“Back to the hotel?” the driver asks as we head off.
Eli sighs heavily before answering. “No, tell my PA to pack all our stuff and meet us at the airport. I want to go home.”
“Right, sir,” he simply responds, quickly tapping a call button on his middle screen. I hear him directing someone to get the plane ready, my heart in my mouth again as I try hard to swallow it down. I want to ask him what it is I’ve done, but luckily he speaks before I get the chance.
“I thought…” he sighs. “I don’t know what I thought, but tonight you seemed so different… so on my side… telling me it was my night. I just can’t understand why, after all that, you go and ruin it by cozying up with Jason Stamford, when you promised me you’d never speak with him again.”
If I thought my head was hurting earlier, it pales into insignificance to how it feels now. Jason Stamford? Jason Stamford? I have heard that name before, but where?
I don’t know what to say to defend myself. How can I when I don’t have the full picture?
“I…” I start, wondering how on earth to actually start. “I was quite happily sitting at the bar when he approached me. I had no idea…”
“It doesn’t matter for now,” he answers, cutting me off. “I’m really tired. We can talk about this in the morning.”
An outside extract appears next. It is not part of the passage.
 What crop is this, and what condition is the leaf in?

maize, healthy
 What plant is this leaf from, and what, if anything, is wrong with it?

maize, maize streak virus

My mouth begins to dry. I want to say something, anything to make this less awkward and for him to hate me less. I just have no words. Without knowing what the hell is going on, how can I justify anything I possibly say?
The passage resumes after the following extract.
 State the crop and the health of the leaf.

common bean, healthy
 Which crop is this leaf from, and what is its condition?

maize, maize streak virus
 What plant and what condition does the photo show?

So, I decide being quiet for now is the best policy. Maybe in the morning, I will wake up and find that all this has just been some hellish nightmare.
The drive to the airport is made in silence. The whole plane ride is made in silence. I barely have enough time to dwell on the fact that I’m flying in a private jet. A private frickin’ jet! I mean, how many people can say they’ve flown in a private jet in their lifetime? These are the sorts of things dreams are made of. I should be elated. I should be taking in every moment of this, but all I can think about is Eli and how upset I’ve made him without even realizing how. God, I wish I knew how.
By the time we land and are through a set of gates of what I can only describe as some Hollywood mansion, it’s well past three in the morning. I’m way too tired and still hungover to care about anything else.
We step through our massive, opulent double doors, and our driver takes our suitcases up the grand curving staircase. Eli quickly follows suit.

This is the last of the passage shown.